Vfl Wolfsburg z dwiema Polkami w składzie (Pajor i Kiedrzynek) walczył o zwycięstwo w Lidze Mistrzów. Jednak FC Barcelona zanotowała niesamowity powrót! Od 2:0 do 3-2!!

FC Barcelona wygrywa Ligę Mistrzyń 2022/2023, Ewa Pajor i Katarzyna Kiedrzynek bez trofeum. To już trzeci z rzędu Finał Ekipy z Katalonii, drugi wygrany. Warto podkreślić, że nasza rodaczka Ewa Pajor dotychczas trzykrotnie miała okazję na zdobycie Ligi Mistrzyń, ale za każdym razem Wolfsburg przegrywał w finale w sezonach 2015/2016, 2017/2018 i 2019/2020. Dzisiejszy finał znów pozostawia niedosyt, lecz zaznaczmy, że Polka została mistrzynią strzelczyń Ligi Mistrzyń, notując w końcowej klasyfikacji 9 bramek.

Polski akcent

Początek pierwszej połowy zaczął się kapitalnie dla Wilczyc, już w 3. minucie meczu Ewa Pajor sama odebrała piłkę przed polem karnym trochę zaspanej Lucy Bronze. Po czym huknęła z całych sił w prawy górny kąt bramki i tym samym Wolfsburg wyszedł na prowadzenie. To zdecydowanie rozjuszyło piłkarki z Hiszpanii. Zaczęły więcej atakować, ale wyraźnie nie mogły ze sobą współgrać. Miały wiele okazji, lecz niewykorzystane sytuacje się mszczą. Przekonały się o tym ponownie w 37. minucie, gdzie po pięknym dośrodkowaniu naszej rodaczki Ewy Pajor w idealną strefę, między dwie obrończynie do bramki przez strzał głową trafiła Alexandra Popp. W końcówce połowy Barcelona czekała tylko na gwizdek i zejście do szatni, aby móc wyciągnąć wnioski z błędów.

Walec Katalonii 

Tak też się stało: piłkarki z Hiszpanii po rozpoczęciu drugiej połowy zaczęły naciskać na rywala i to z jakim skutkiem! Już w 49. minucie do bramki trafiła Patricia Guijarro, a asystowała jej była, piłkarka Arsenalu, Caroline Graham Hansen. Dwie minuty później drugiego gola ponownie strzeliła Patricia Guijarro. I tak Barcelona wróciła znów do gry. 

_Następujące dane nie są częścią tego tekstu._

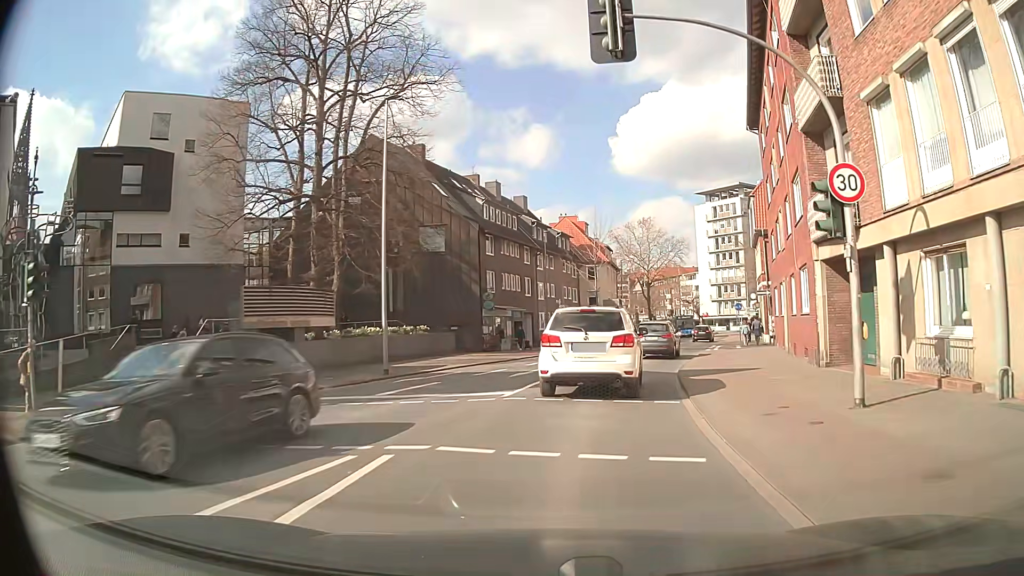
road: secondary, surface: asphalt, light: Day
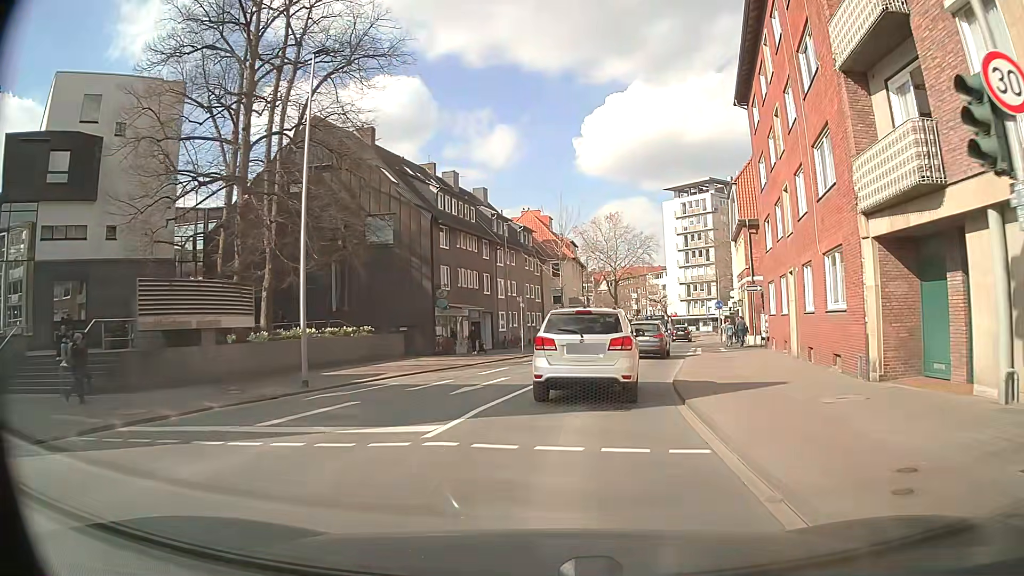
(-0.1, +4.8) m; 0°
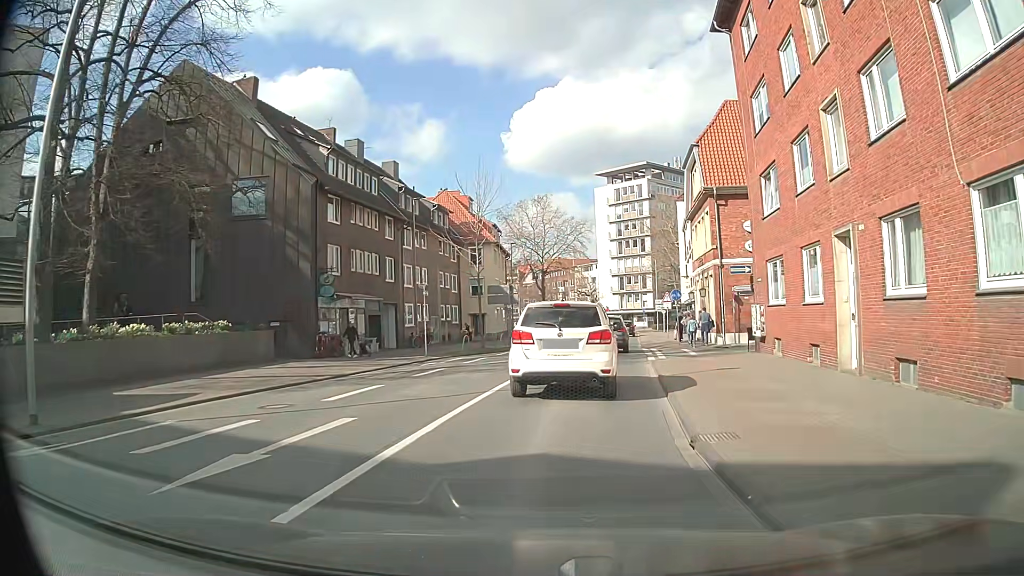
(+0.7, +9.2) m; +8°
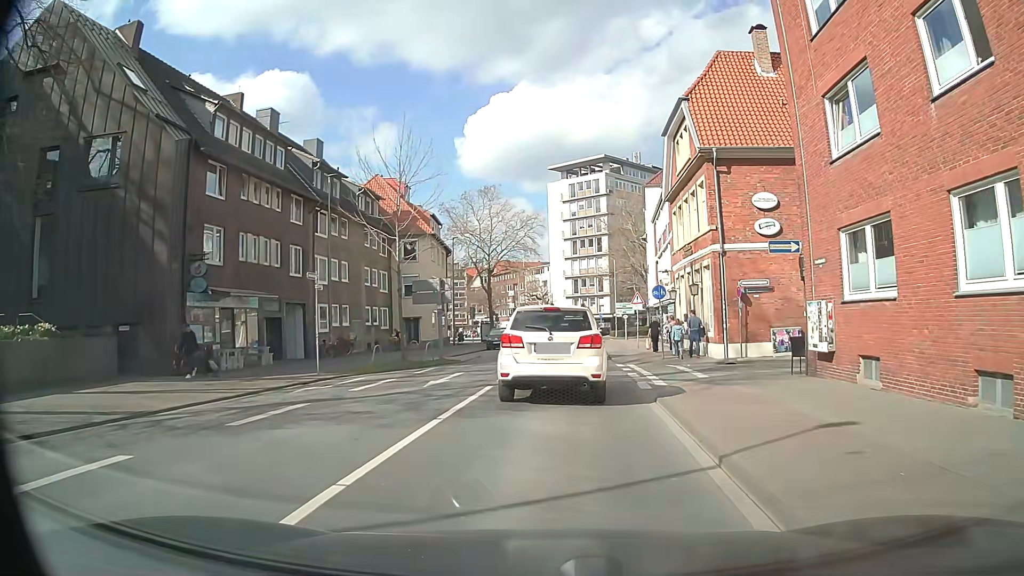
(+0.3, +9.0) m; +5°
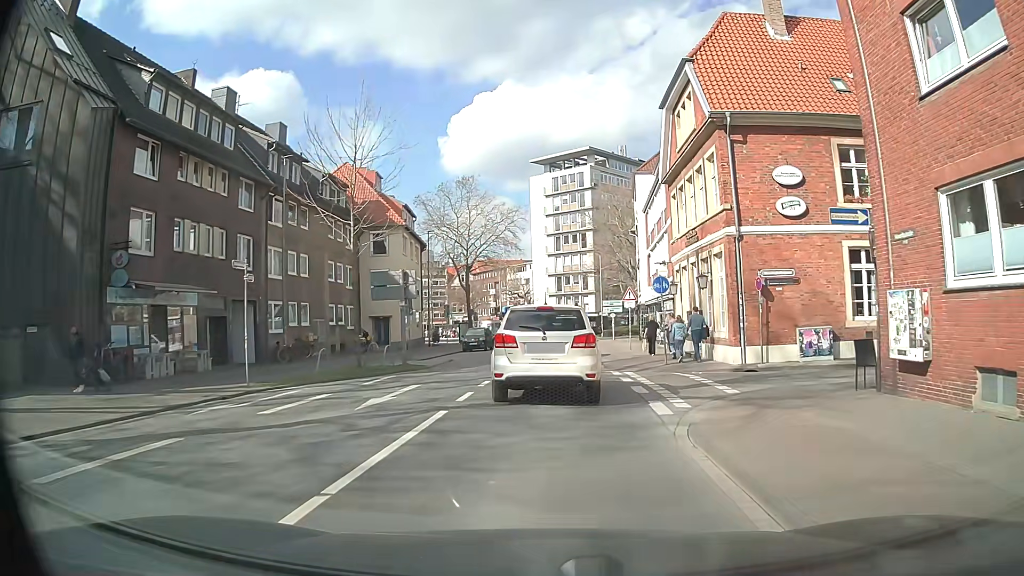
(+0.1, +4.4) m; +1°
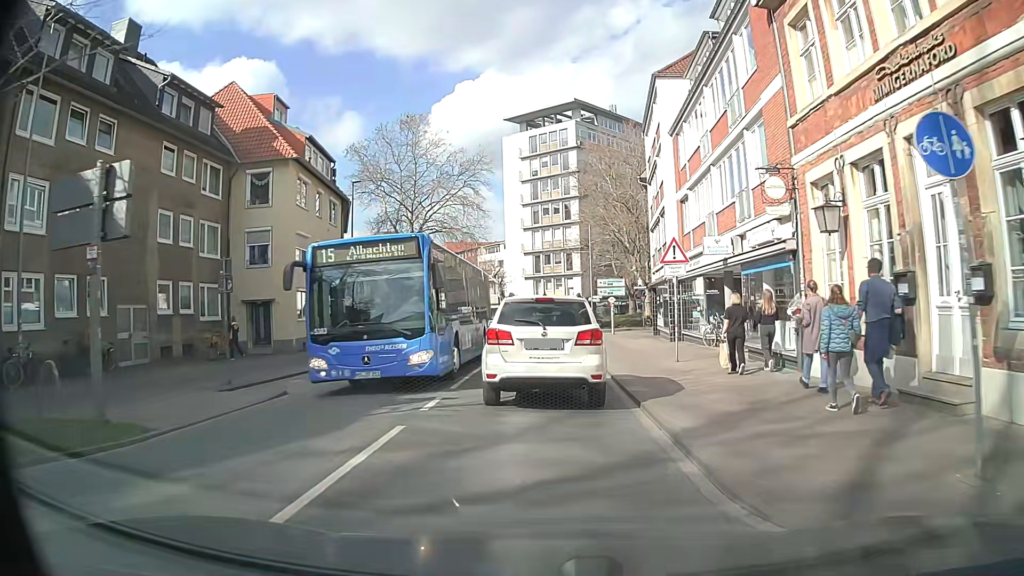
(+0.4, +18.1) m; +2°
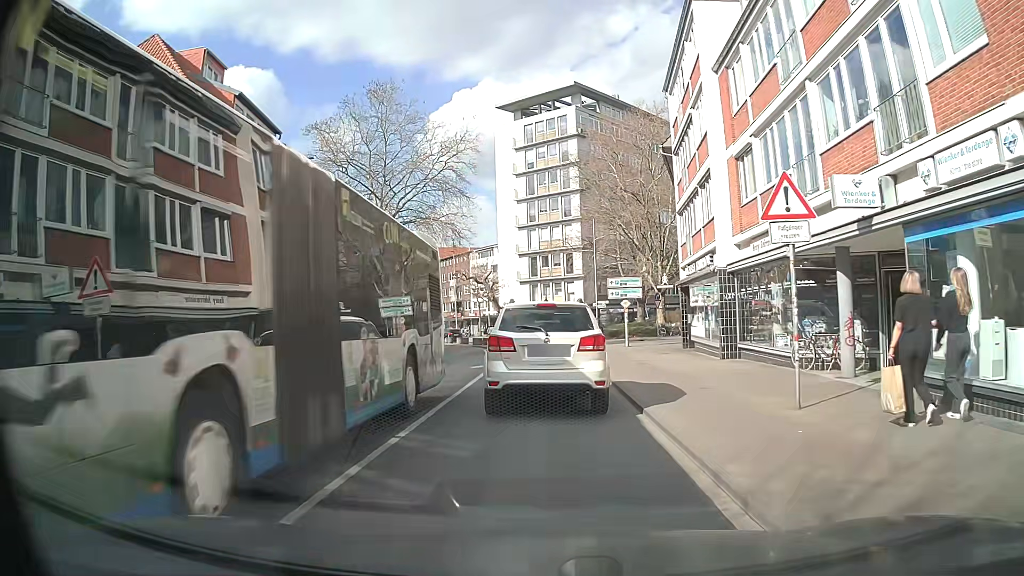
(0.0, +8.9) m; +1°
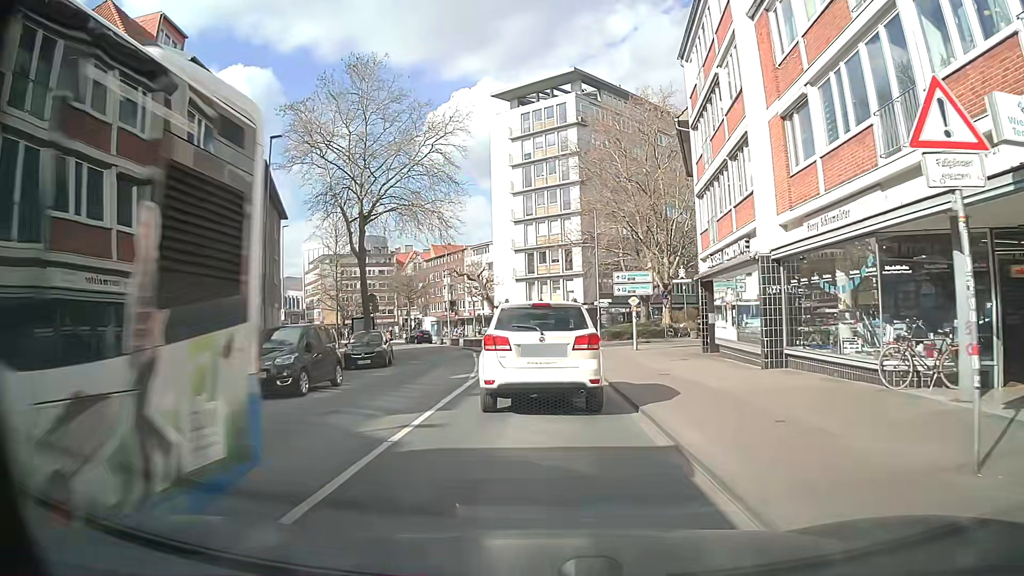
(0.0, +4.3) m; -1°

Piłkarki z Niemiec po tych dwóch szybkich golach rywalek zaczęły częściej atakować. Dwie dogodne sytuacje, aby wyjść ponownie na prowadzenie, miała Ewa Pajor, ale trafiała wprost w ręce bramkarki. Jak w pierwszej połowie Barcelona nie wykorzystywała swoich okazji, tak teraz role się odwróciły. W 70. minucie podczas zamieszania w polu karnym bramkarki z Niemiec piłkę przechwyciła Fridolina Rolfoe i wyprowadziła Barcelonę na prowadzenie, wykorzystując dogodną sytuację. Podbudowane wyjściem na prowadzenie piłkarki z La Ligi nie dawały szans na gola wyrównującego Wolfsburgowi. Wilczyce były bezradne i choć walczyły, do samego końca to zabrakło szczęścia. Niepotrzebne nerwy i przepychanki w doliczonym czasie gry wybiły z rytmu obie drużyny. W końcówce meczu sędzia rozdał wiele żółtych kartek. Cały mecz był bardzo emocjonujący, Barca zaliczyła przejście z piekła do nieba i tym samym po raz 2 wygrała Ligę Mistrzyń.